* Data excerpts *
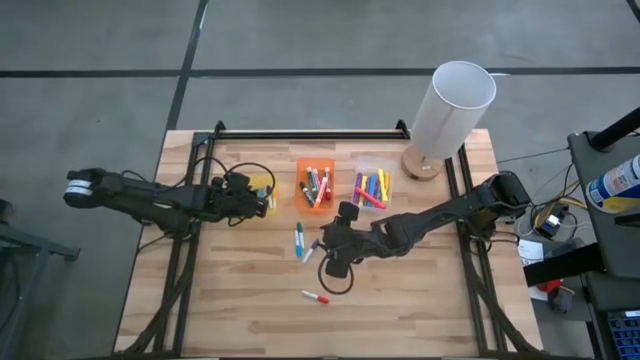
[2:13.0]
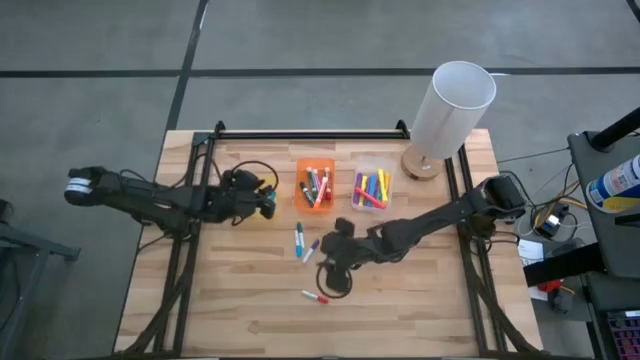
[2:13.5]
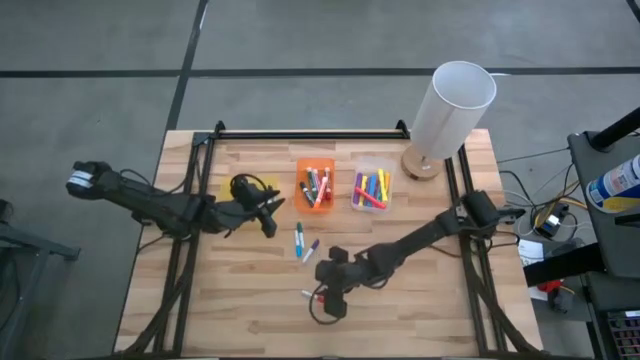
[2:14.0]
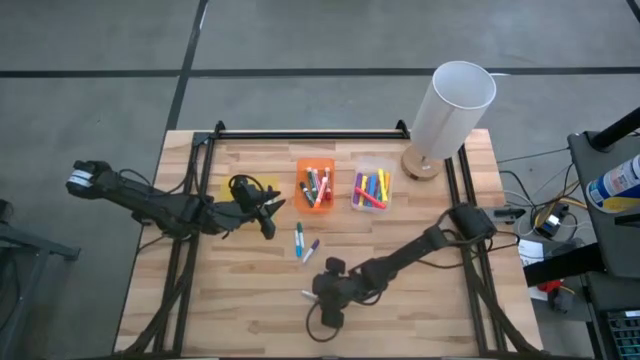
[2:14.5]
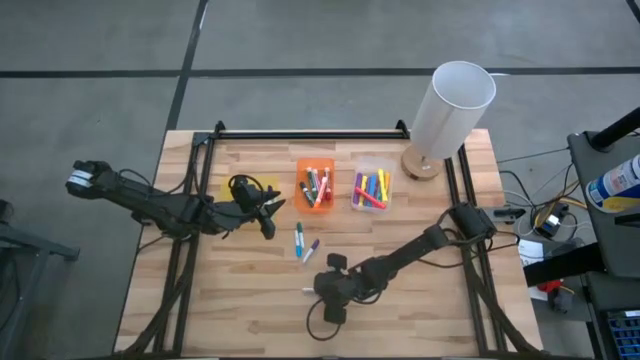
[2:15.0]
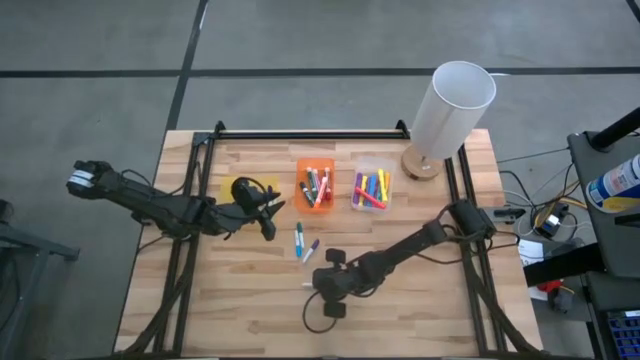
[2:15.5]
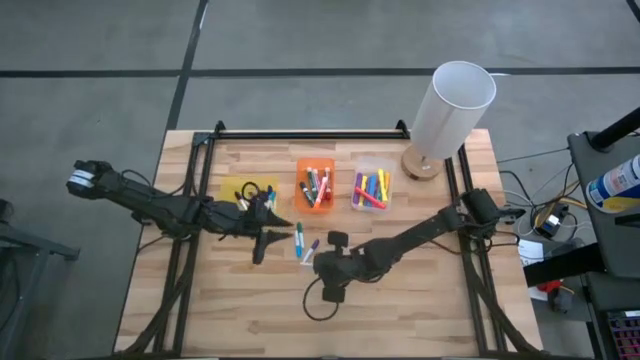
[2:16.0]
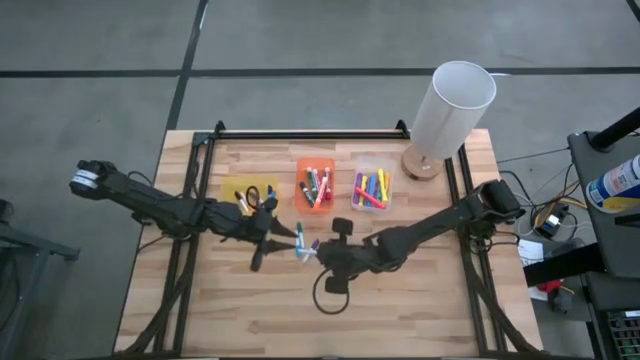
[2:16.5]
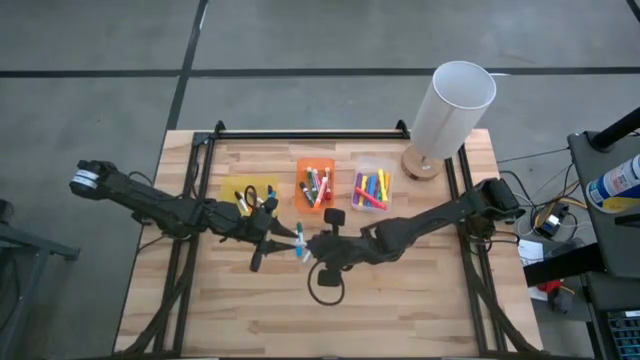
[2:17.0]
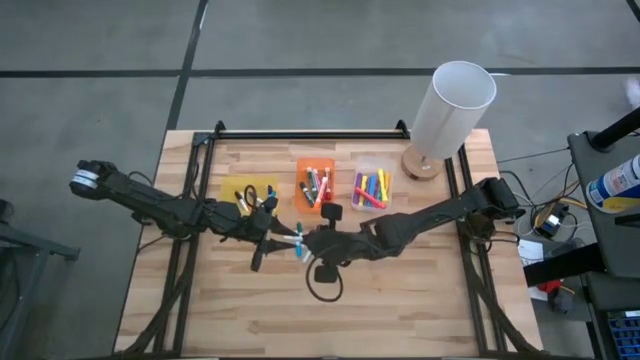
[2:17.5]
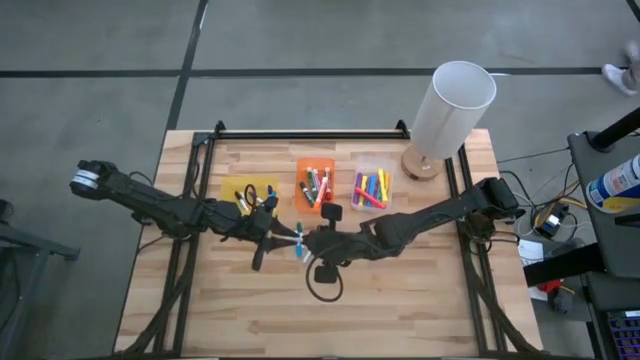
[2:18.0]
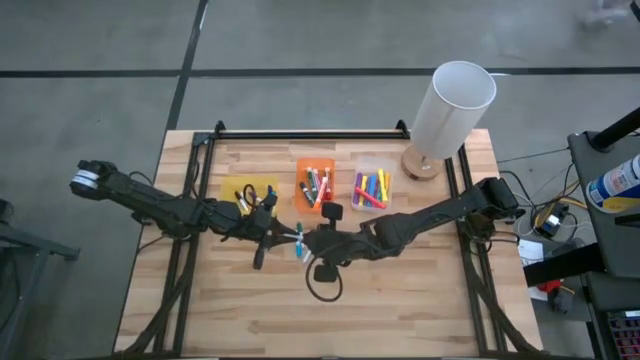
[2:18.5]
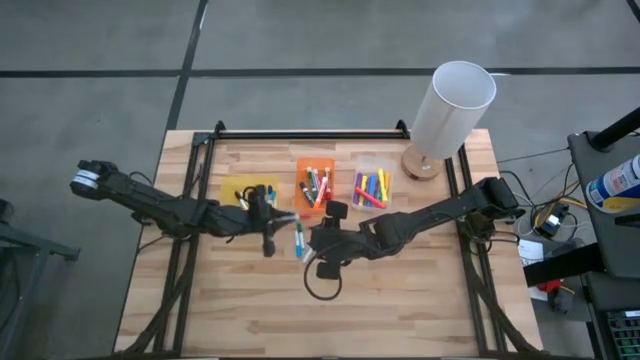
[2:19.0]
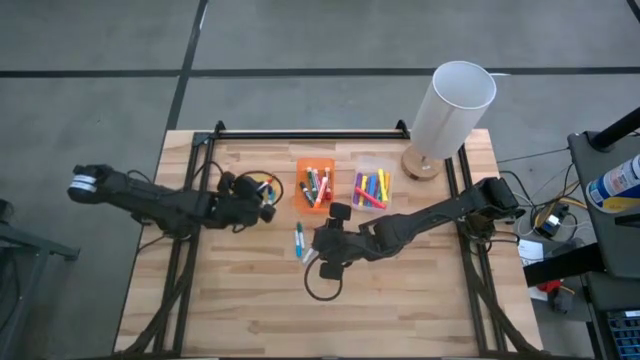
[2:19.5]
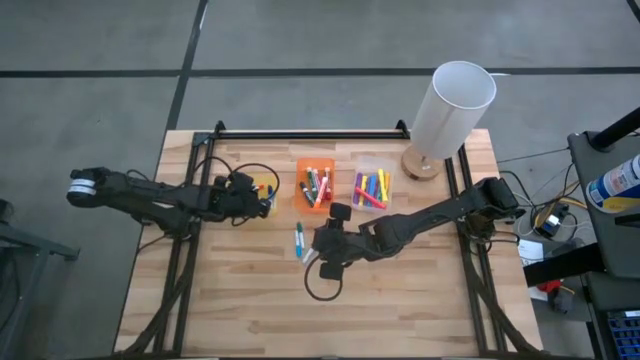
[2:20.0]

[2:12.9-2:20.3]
Put the small red marker into the yellow bin

* Instructions for the task *
From the first line to the last, repeat the records exactly. Leave out the pictures.

* Answer for this exercise *
[2:13.0]
[2:13.5]
[2:14.0]
[2:14.5]
[2:15.0]
[2:15.5]
[2:16.0]
[2:16.5]
[2:17.0]
[2:17.5]
[2:18.0]
[2:18.5]
[2:19.0]
[2:19.5]
[2:20.0]

[2:12.9-2:20.3]
Put the small red marker into the yellow bin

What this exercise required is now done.